((

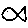
Label: fish
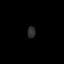
Tissue: skin
Cell type: Fibroblasts
Senescence score: 0.7867
Nuclear area (px): 93
Mean DAPI intensity: 43.43
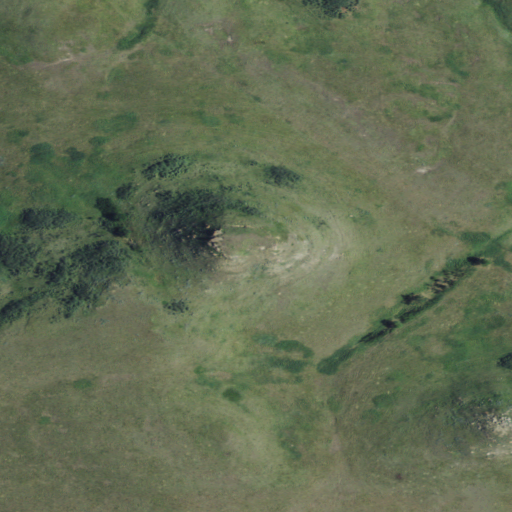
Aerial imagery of mountain in North Dakota named Bell Butte containing only grassland
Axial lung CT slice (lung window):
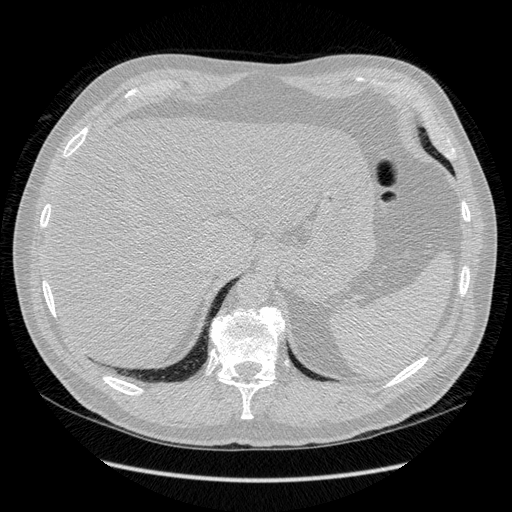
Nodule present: no
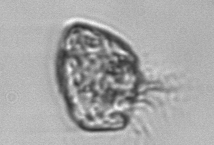
Label: Strombidium_morphotype1
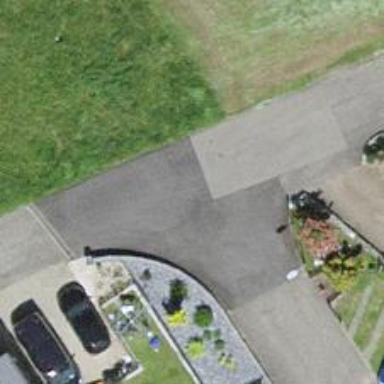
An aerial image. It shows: Smoothly paved residential road.

))

◆ **Work request**
Retype word for word the span of lines above that begins with the line containing "Aerial imagery of" and ends with the last line of the records; skip all pictures.

◆ **Response box**
Aerial imagery of mountain in North Dakota named Bell Butte containing only grassland
Axial lung CT slice (lung window):
Nodule present: no
Label: Strombidium_morphotype1
An aerial image. It shows: Smoothly paved residential road.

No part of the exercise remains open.